Relationship Between Axillary Metastasis and Tumoral Response and Biomarkers in Breast Cancer Patients Who Received Neoadjuvant Chemotherapy
Research Article
DOI:
https://doi.org/10.5281/zenodo.14262026Keywords:
Breast Cancer, Neoadjuvant Chemotherapy, Tumor Subtype, Tumor Biology, Pathological ResponseAbstract
Introduction: The molecular subtype of the disease is related to the patient's clinical course, response to chemotherapy, and pathological response rates.
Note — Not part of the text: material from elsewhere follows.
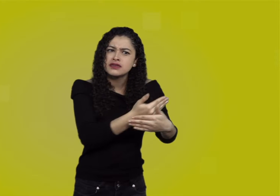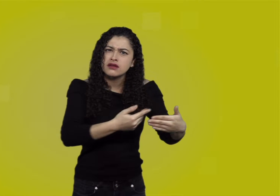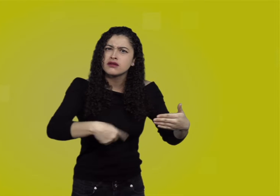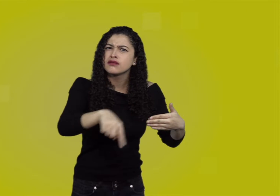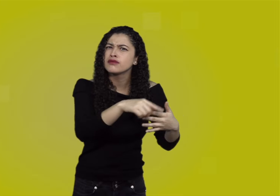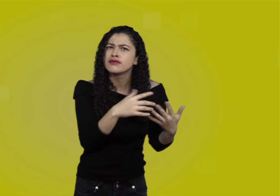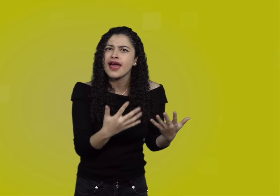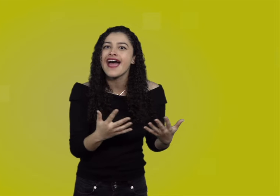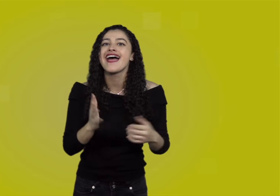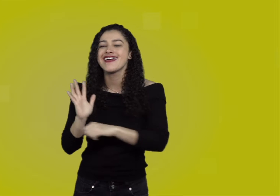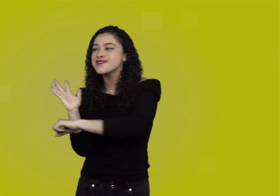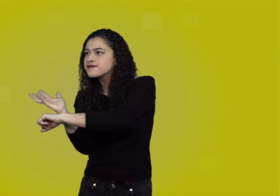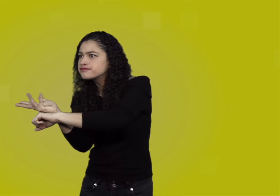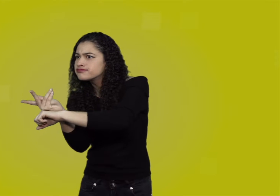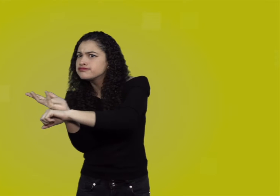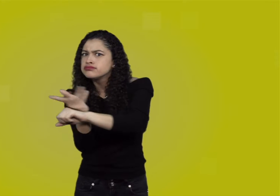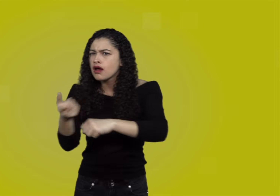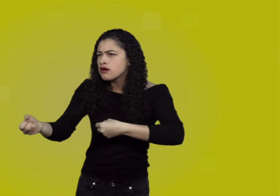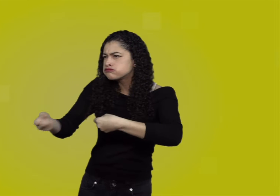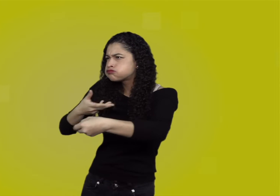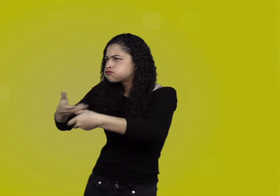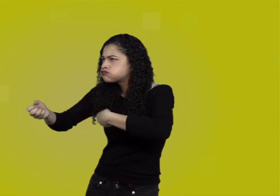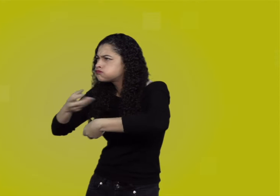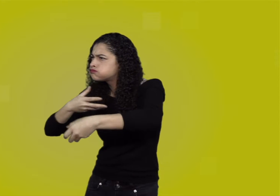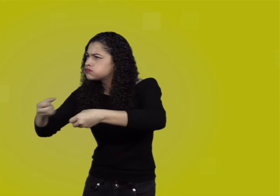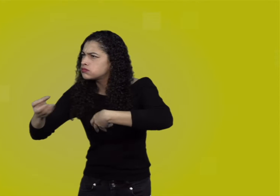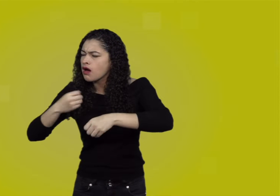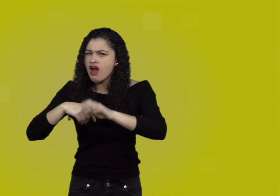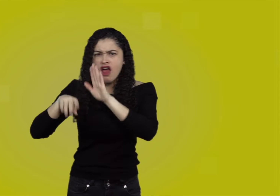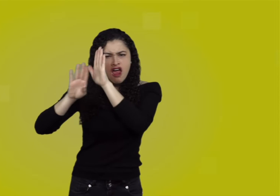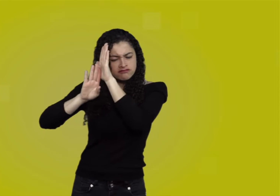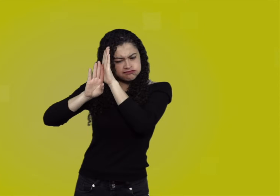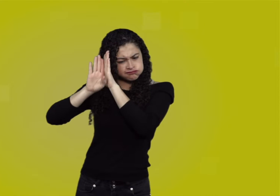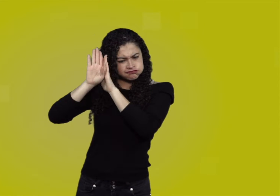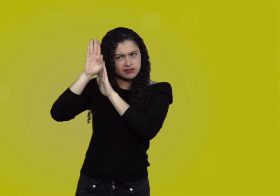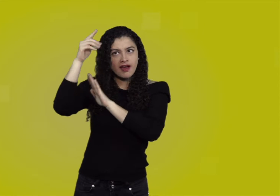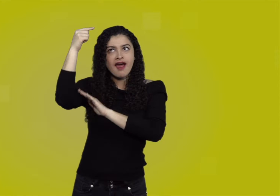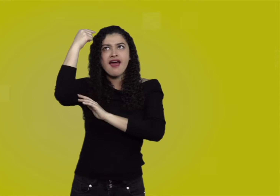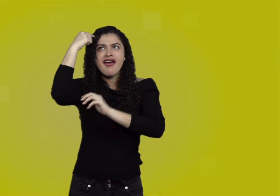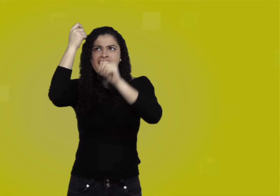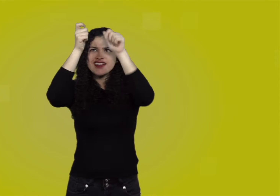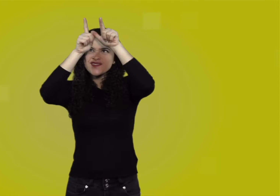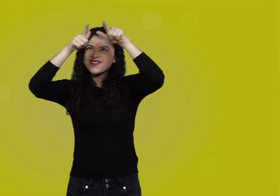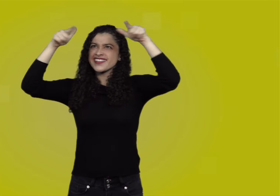de la educación inicial. ¿Qué actividades aportan para que los niños desarrollen estos tipos de lenguaje?

Objective: The molecular subtype of the disease is related to the patient's clinical course, response to chemotherapy, and pathological response rates. This research aimed to elucidate the relationship between neoadjuvant chemotherapy and treatment response in breast cancer patients who received neoadjuvant therapy and were evaluated with axillary lymph nodes after surgery.
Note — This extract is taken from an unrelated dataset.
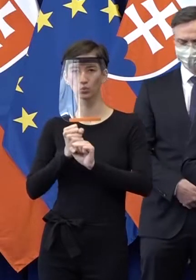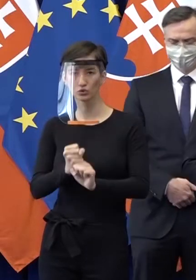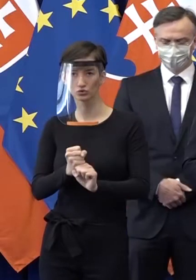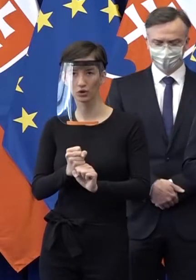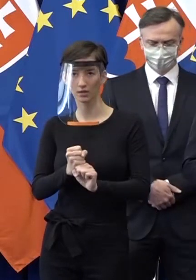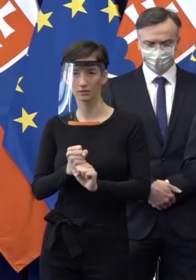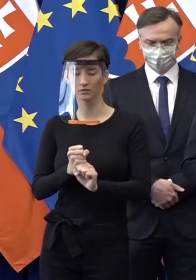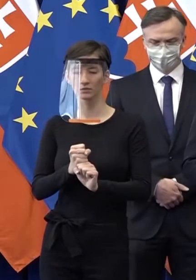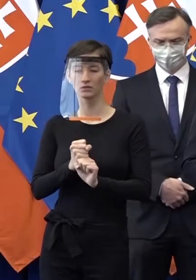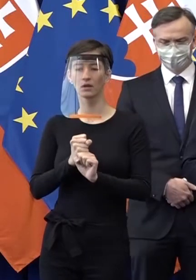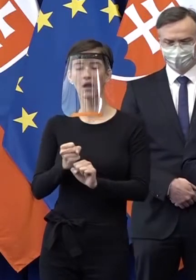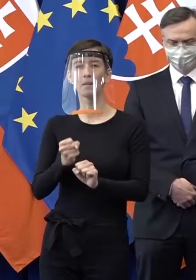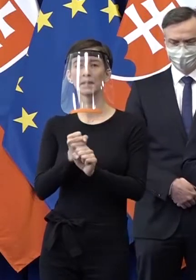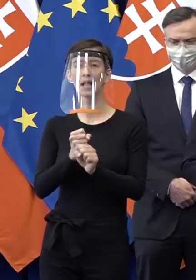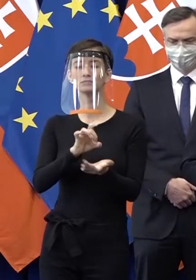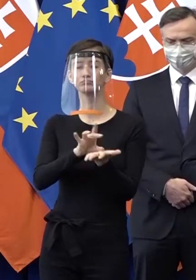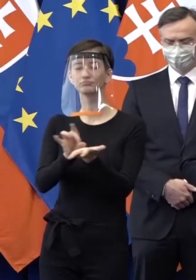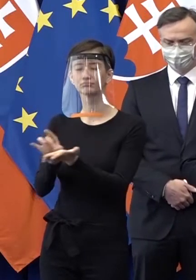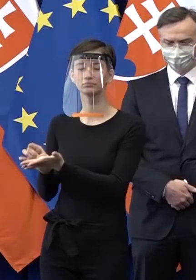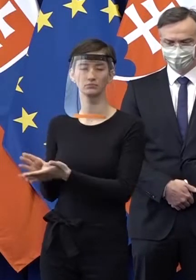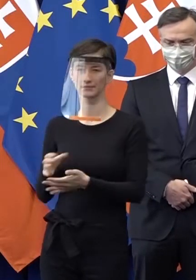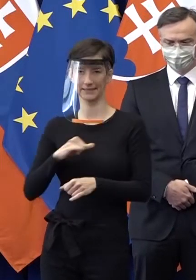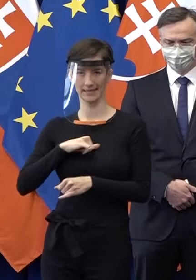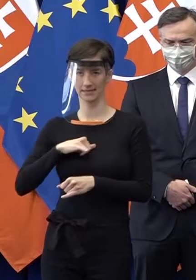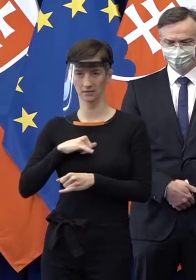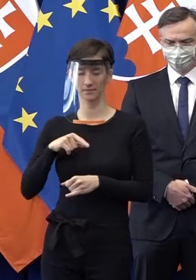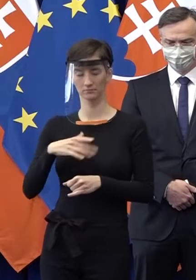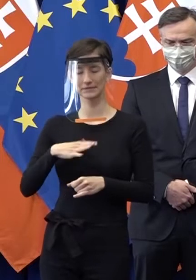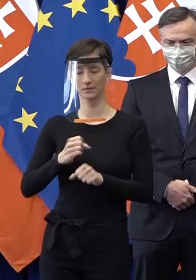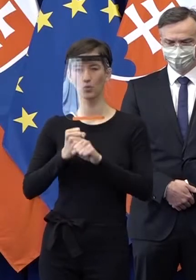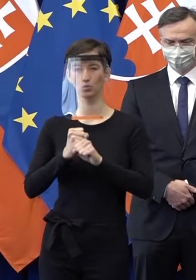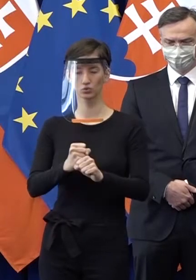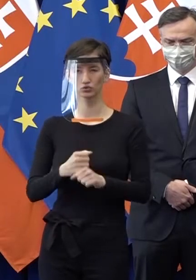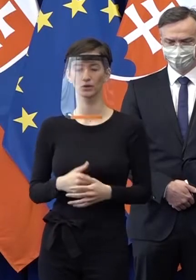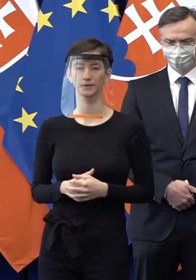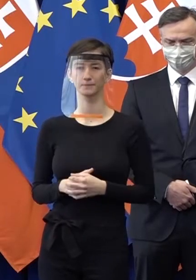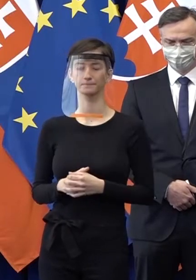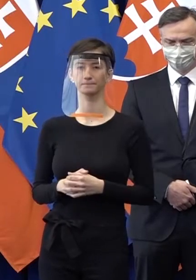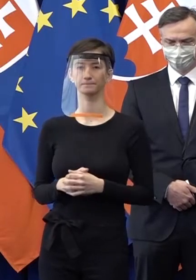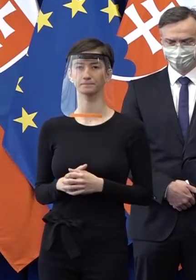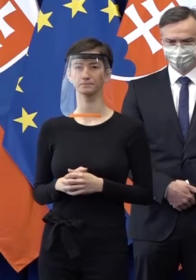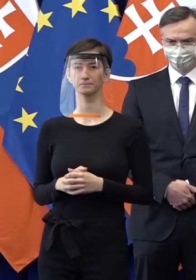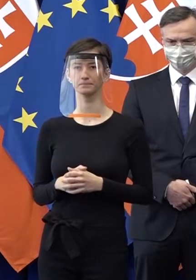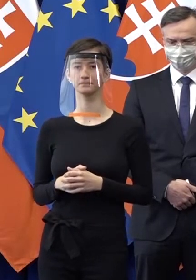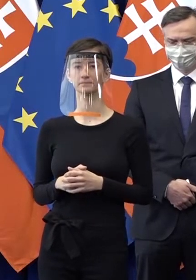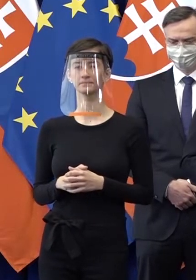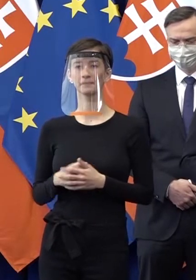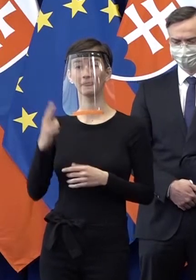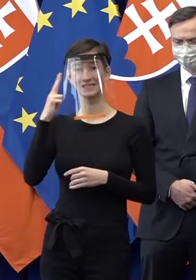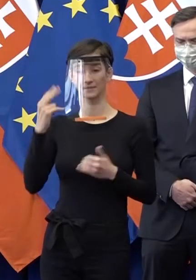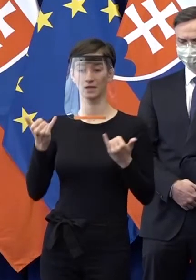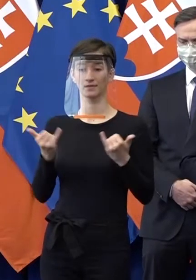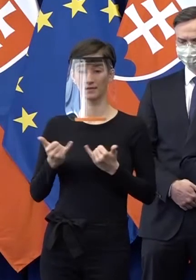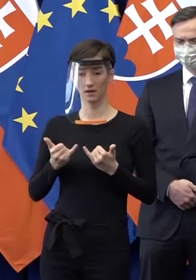finančnej likvidity v slovenských firiem. A hráme teraz nie len o to, čo sa udeje dnes,

Method: This retrospective analysis investigated the relationship between axillary metastasis status, tumoral and pathological complete response status, and molecular subtypes in 103 patients who received neoadjuvant chemotherapy for breast cancer and whose axillary lymph nodes were evaluated. Patients' age, menopause status, type of surgery, tumor side, axillary involvement, nodal involvement, T staging, histopathological type and subtypes, tumor receptors, perineural invasion, lymphovascular invasion, and tumor necrosis data were obtained from hospital records.
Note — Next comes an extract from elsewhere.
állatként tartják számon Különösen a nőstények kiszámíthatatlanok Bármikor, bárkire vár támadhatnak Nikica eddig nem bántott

Results: A total of 103 female patients were included in the study. Histopathologically, the most common subtype was invasive ductal carcinoma (89.3%), and hormone receptor status was determined as ER-positive (73.8%) and PR positive (63.1%). Molecular subtypes were defined as Luminal B (36.9%) and Luminal A (34%), and the most common tumor grade was grade 2 (57.3%). The most common surgical method after neoadjuvant chemotherapy was radical mastectomy (97.1%). Among the cancer subgroups evaluated after neoadjuvant therapy, the most frequent subgroups with tumoral complete response were HER2 positive (47.4%), and triple-negative (45.5%) groups, the most frequent groups showing nodal complete response were HER2 positive (47.4%) and triple negative (63.6%) groups. The most frequent subgroups showing pathological complete response were HER2 positive (21.1%) and triple negative (36.4%) groups.
Conclusion: Breast cancer genetic subgroups are associated with treatment responses following neoadjuvant chemotherapy. Among breast cancer subgroups, the subgroups that provide the best tumoral, nodal, and pathological complete response to neoadjuvant chemotherapy are HER2-positive breast cancers and triple-negative breast cancer types.